Os criadores de frangos de Mendoza, na Argentina, resolveram criticar o caos econômico do país a seu próprio modo. Sem ter como vender a produção, resolveram soltar dezenas de frangos em frente à sede do governo da província, na segunda-feira 4. O protesto durou pouco. Imediatamente, vários desempregados saíram à caça das aves. “É um presente dos céus”, chegou a dizer um deles. A manifestação acabou resolvendo o problema momentâneo de um punhado de esfomeados, mas um outro protesto, numa pequena localidade chamada El Jagüel, terminou em morte. Um comerciante, assustado com o assédio de um grupo de 200 desempregados à sua loja, matou um piqueteiro com um tiro de pistola na madrugada da quarta-feira 6.

Enquanto protestos como estes se acumulam, o país segue parado. Basta recolher alguns indicadores da chamada “economia real” para constatar a dimensão do estrago promovido por quatro anos de recessão. O desemprego bateu mais um recorde histórico, com 22% da população economicamente atimo, só nas portas dos consulados. Argentinos em busca de visto para sair do país estão lotando as representações diplomáticas de vários países – e não só mais da Espanha. Até o Brasil registra um número anormal de consultas.

O dia-a-dia do argentino é patético. Para pagar um simples cafezinho, o cidadão pode utilizar, hoje, dólares, pesos, cartão de crédito, patacones, bônus negociáveis ou lecops. Dólares e pesos são uma raridade, já que estão presos nos bancos. Cartões são praticamente uma novidade para o povo argentino, historicamente acostumado a usar dinheiro vivo. E as três últimas opções são papéis emitidos pelo governo que, certamente, perderão o valor em pouco tempo. Para complicar, janeiro marcou o retorno de um outro fantasma: a inflação. O mês fechou com uma alta média nos preços de 2,3%, a maior em oito anos. Em tempos recessivos, um salto desse porte é considerado alarmante.

Se nas ruas o clima é de depressão, nos gabinetes oficiais é o pânico que domina. O terror começou quando a Justiça julgou inconstitucional o “curralzinho”, criado para manter presos os depósitos dos argentinos no sistema financeiro, no fim da semana retrasada. Temendo um esfarelamento imediato das instituições bancárias, o governo de Eduardo Duhalde deu um golpe no Judiciário. Proibiu, com um decreto à moda ditatorial, ações contra o bloqueio por 180 dias. Enquanto isso, seus deputados batalham para arrancar da Suprema Corte nove juízes indicados durante a era Menem. Sem credibilidade perante a população, os magistrados estão sendo acusados de terem feito uma manobra de sobrevivência ao julgar ilegal o “curralzinho”.

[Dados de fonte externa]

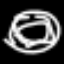
Label: donut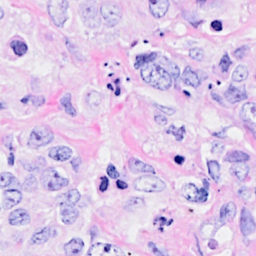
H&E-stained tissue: Breast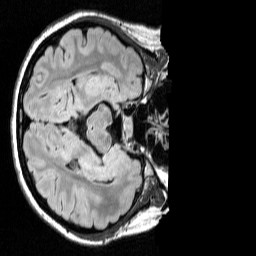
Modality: FLAIR
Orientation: axial
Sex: female
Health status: ill
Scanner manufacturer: siemens
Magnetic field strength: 3 T
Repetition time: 7 s
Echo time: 0.372 s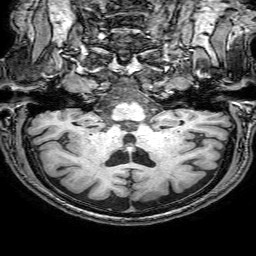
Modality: T1w
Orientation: sagittal
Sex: male
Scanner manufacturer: philips
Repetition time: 0.008299 s
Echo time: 0.00384 s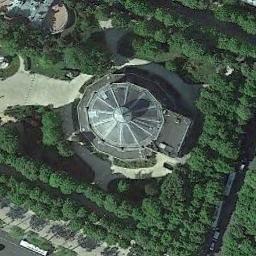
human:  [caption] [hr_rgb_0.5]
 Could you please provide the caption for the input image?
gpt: The church with an octagon dome is surrounded by some trees .

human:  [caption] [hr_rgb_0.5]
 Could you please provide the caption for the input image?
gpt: This is a church with a white roof like an umbrella .

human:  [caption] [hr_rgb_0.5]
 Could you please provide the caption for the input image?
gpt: A silver-gray domed church surrounded by trees, Roads and cars .

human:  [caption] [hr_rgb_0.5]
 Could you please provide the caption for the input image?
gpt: The church with a circular roof is surrounded by many trees .

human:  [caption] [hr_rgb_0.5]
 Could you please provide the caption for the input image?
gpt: A church with a round structure is surrounded by many green trees .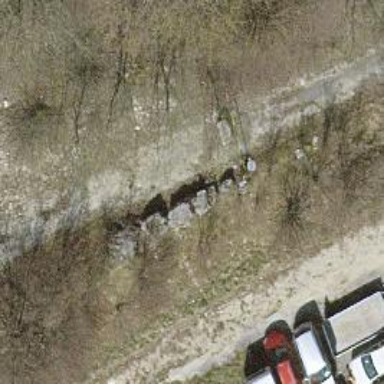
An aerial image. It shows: Block barrier.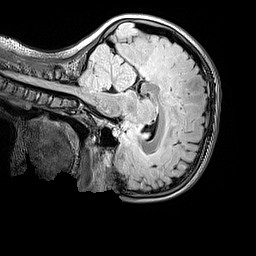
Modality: FLAIR
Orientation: sagittal
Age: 11
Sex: female
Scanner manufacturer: siemens
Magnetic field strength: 3 T
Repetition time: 5 s
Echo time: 0.388 s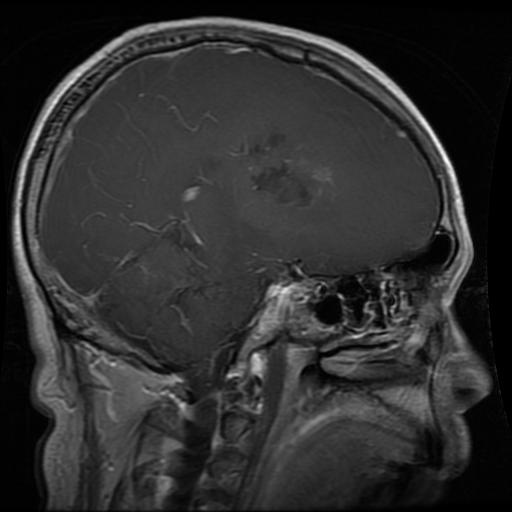
Label: glioma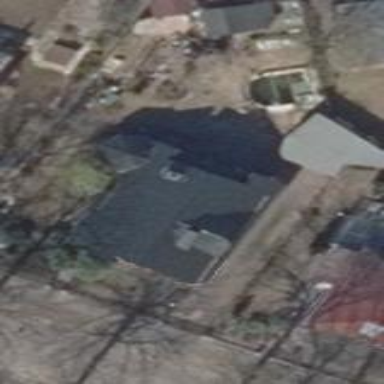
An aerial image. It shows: Gabled roof on residential building.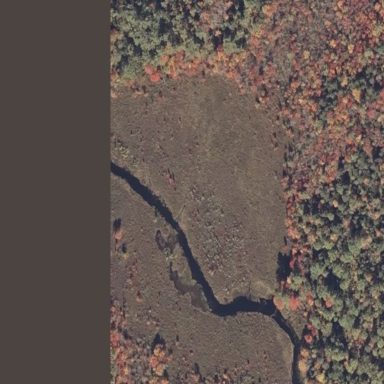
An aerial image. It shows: Marshy wetland area.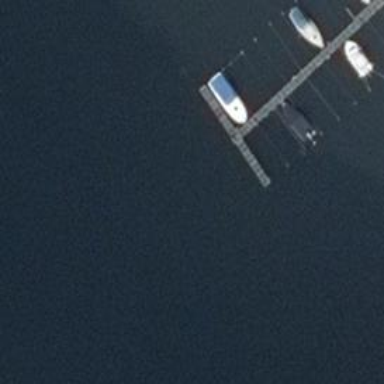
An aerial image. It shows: Man-made pier.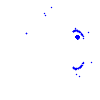
Particle: pion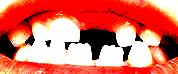
Condition: hypodontia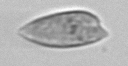
Label: Prorocentrum_dentatum
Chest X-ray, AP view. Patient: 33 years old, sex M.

O golpe no Judiciário, também inconstitucional, foi um dos principais pontos do pacote econômico lançado na noite do domingo 3. Os argentinos já perderam a conta de quantos planos “milagrosos” foram tentados nos últimos três anos. Mesmo assim, a principal âncora do plano, segundo economistas, será a confiança da população nas medidas. Apesar de lançado, o pacote ainda não foi testado na vida real. Para proteger os bancos, o governo estendeu, durante toda a semana, o feriado bancário. “Não existe liquidez no sistema financeiro para que possamos devolver, de uma só vez, todos os depósitos”, confirmou o próprio ministro da Economia, Jorge Remes Lenicov. O FMI recebeu com frieza o pacote, o que acabou gerando protestos do ministro, que depende das verbas do fundo para acertar as contas externas.

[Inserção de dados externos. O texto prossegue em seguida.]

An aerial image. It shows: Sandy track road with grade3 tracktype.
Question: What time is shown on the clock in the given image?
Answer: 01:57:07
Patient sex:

Na marra – A segunda-feira 11 marcará o grande teste do governo Duhalde. Quando os bancos finalmente abrirem, restará ao povo argentino definir o futuro de curto prazo do país. No pacote, o governo determinou a pesificação total da economia, restringiu a compra de dólares e transformou em pesos os valores das dívidas tomadas em dólar. A idéia é segurar, na marra, a cotação da moeda americana, que pela primeira vez em dez anos será definida livremente – ou quase, dadas as restrições de circulação das verdinhas. O grande temor é que a população corra para o mercado paralelo, um movimento que tem potencial para derreter o valor do peso e afundar a estratégia do governo.

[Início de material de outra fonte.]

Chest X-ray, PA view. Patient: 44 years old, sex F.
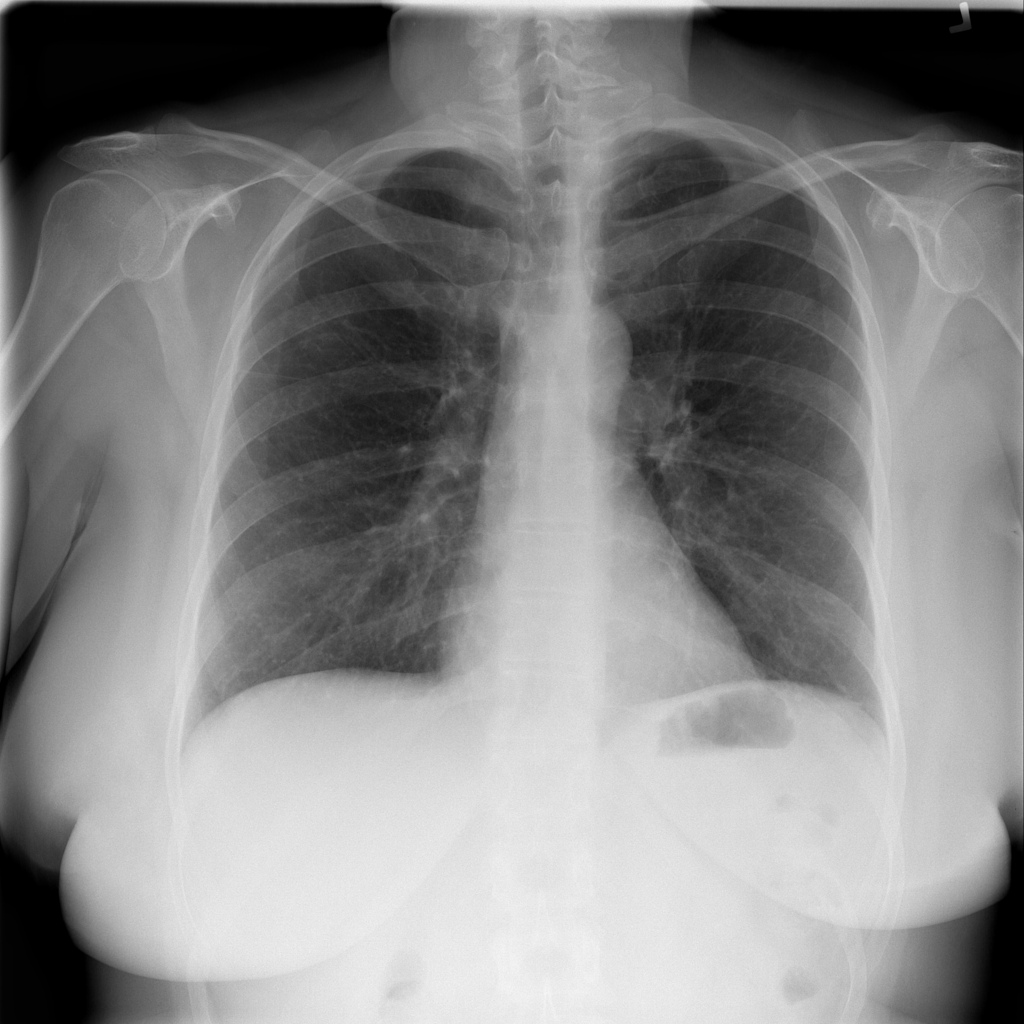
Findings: No Finding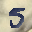
Label: 5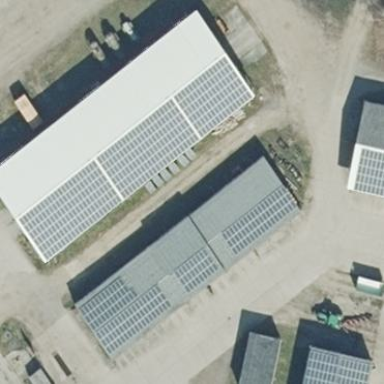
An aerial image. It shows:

Para tentar reativar a economia, Lenicov programou um leve alívio do “curralzinho”. O dinheiro continua preso, mas quem quiser poderá receber títulos a serem pagos em um futuro incerto. Os depósitos em dólar serão convertidos à taxa de 1,40 peso (durante dez anos, um peso valeu exatamente US$ 1). A expectativa é que esses papéis sirvam de moeda corrente em transações comuns, como compra de automóveis e de imóveis, o que renovaria o fôlego do comércio e da indústria. A medida é vista com ceticismo por economistas locais. De novo, o futuro do plano fica atrelado à capacidade de confiança do argentino. Se as panelas voltarem a soar com força, pode ser o fim de mais uma aventura na luta contra a crise.